Short story: There’s probably a problem with your model. Try plotting variables from the traces, and also look at scatter plots between the different variables.


Frequently Asked Questions
#3

Not that I think this is actually the problem, but if you want to scale this, you’ll probably need this at some point: You can get information about how long a leapfrog step takes using something like this. (with no stability guaranties, we might change that in the near future)

N = model.ndim
with model:
    step = pm.step_methods.hmc.base_hmc.BaseHMC(
        scaling=np.ones(N), profile=False, use_single_leapfrog=True)

np.random.seed(42)
q = floatX(np.random.randn(N))
p = floatX(np.random.randn(N))
epsilon = floatX(np.array(0.01))
q_grad = model.dlogp_array(q)
%timeit _ = step.leapfrog(q, p, q_grad, epsilon)

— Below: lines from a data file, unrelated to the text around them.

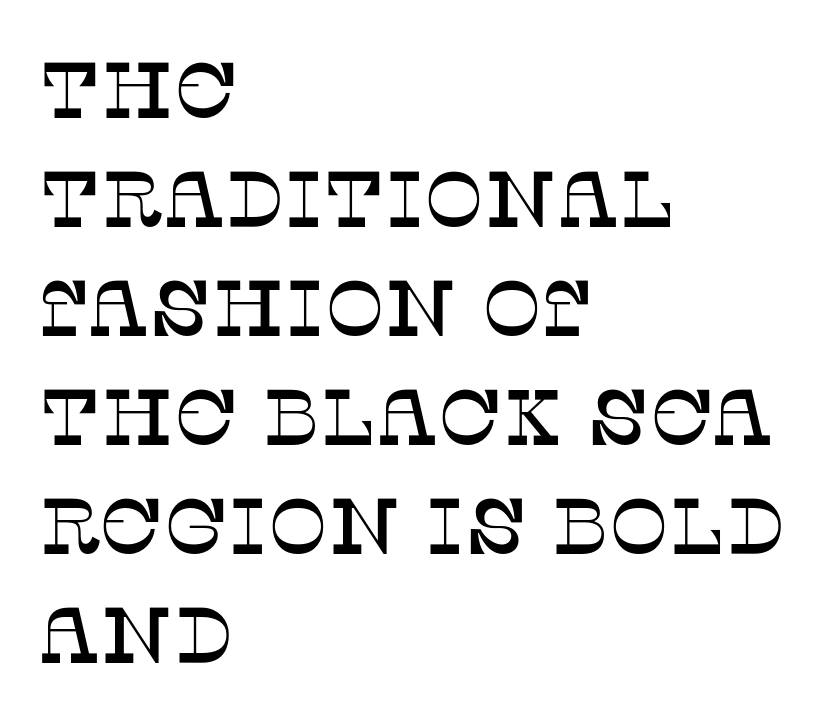
Plain, unruled lines of type. Each letter keeps its own natural width here, so spacing adapts to shape. Horizontal alignment here is leftward, the default for most running prose. The designer left line spacing at the default. Notice how the stems are strictly vertical — no italics here.
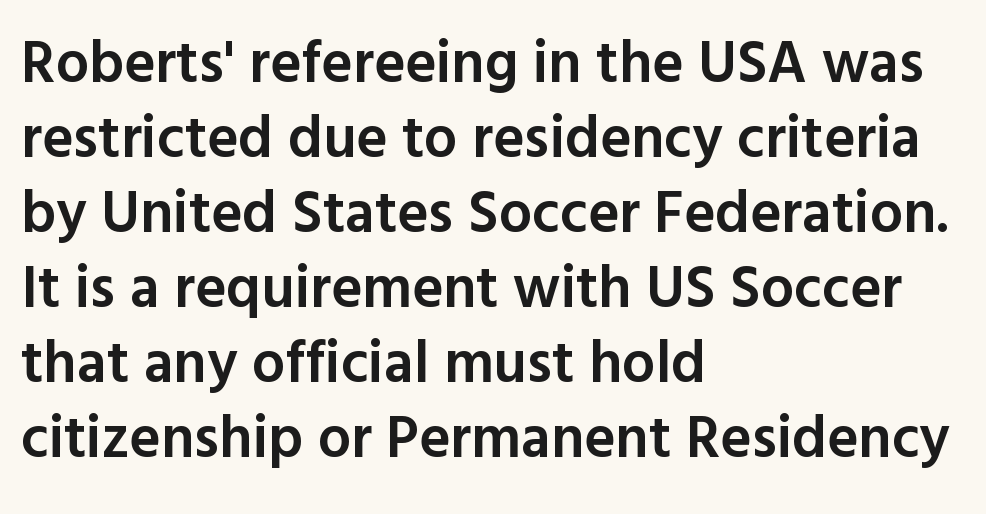
{"serif": "no", "italic": "no", "bold": "semi", "weight": "semibold", "width": "normal", "x_height": "medium", "monospaced": "no", "underline": "no", "align": "left", "line_spacing": "normal", "line_spacing_ratio": 1.27, "letter_spacing": "normal", "letter_spacing_em": 0.0, "glyph_px": 59}
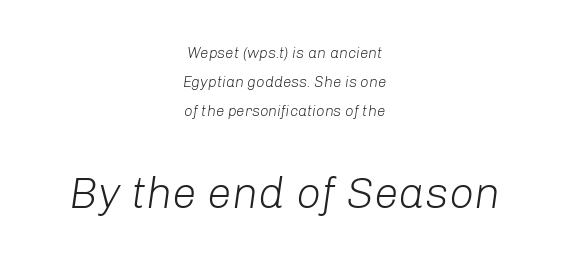
{"italic": "yes", "lean": "right", "slant_degrees": 8, "bold": "no", "weight": "light", "width": "normal", "stroke_contrast": "low", "x_height": "medium", "monospaced": "no", "underline": "no", "align": "center", "line_spacing": "loose", "line_spacing_ratio": 1.95, "letter_spacing": "normal", "letter_spacing_em": 0.0, "larger_block": "second", "size_ratio": 2.93, "glyph_px": 44}
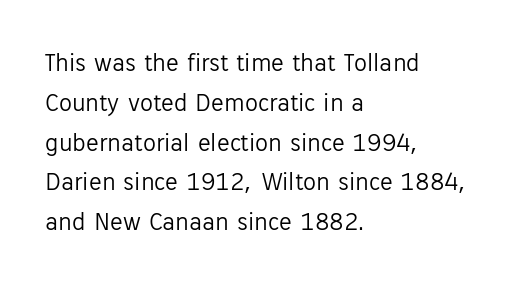
Q: Is the text bold? A: No.
Q: Is the text italic (slanted)? A: No, it is upright.
Q: Is the text underlined? A: No.
Q: How is the paragraph aligned? A: Left-aligned.
Q: Is the spacing between letters normal or unusually wide? A: Normal.
Q: Is the spacing between lines tight, normal or loose? A: Normal.
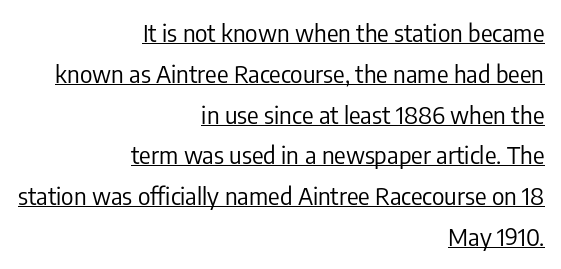
The image shows 24 px text type, upright; set right-aligned, normal line spacing (1.7x), normal letter spacing, underlined.

If you set profile=True you can get a summary about what theano is doing by step.leapfrog.profile.summary(). Or you can get a graphical representation with theano.printing.pydotprint(step.leapfrog) (which will probably be somewhat large…), or

import theano.d3viz as d3v
d3v.d3viz(step.leapfrog, 'profile.html')

#4

I had a quick look at your model. My suggestion (besides all the great general advice from @aseyboldt) is to change the Uniform prior (https://github.com/SheffAGN/SEDist/blob/master/test.py#L43-L46) to a weakly informed prior. You can see some recommendation from Stan here. In general a weakly informed prior works much better than a bounded flat prior (i.e., Uniform).

Also, another thing to keep in mind for reparameterization is to try to scale all your parameters to the same scale (ideally zero mean as well). It helps ADVI and also NUTS to get to the typical set. For example, in your model plnorm is at a much smaller scale than tp and temp, which might results in slow down during tunning (although after tunning it should be fine).

Hope you find this helpful!


#5

Thanks, both. Your advice is indeed very informative and has given me a much greater insight into what affects the behaviour of NUTS under the hood.

I can certainly see a number of @aseyboldt 's points being relevant to my model. My variables are, indeed, correlated and, in some parts of parameter space, unidentifiable (but where this occurs depends on the values of other variables). I’ll attempt to reparameterise and rescale my model parameters (which may require introducing hyperparameters) to get rid of correlated parameters.

I had tried some weakly informative (Normal) priors in an earlier version, but the sampler seemed then to often get stuck in a small part of parameter space far from the truth. However, this could be solved with the aforementioned changes, so will try weakly informative priors again after reparameterising and rescaling.

Finally, thanks for the advice on timing the leapfrog step. Hopefully I’ll get to the point where I can scale the model!


#6

Is there an updated snippet using pymc3 3.5 to calculate the time spent calculating trajectory?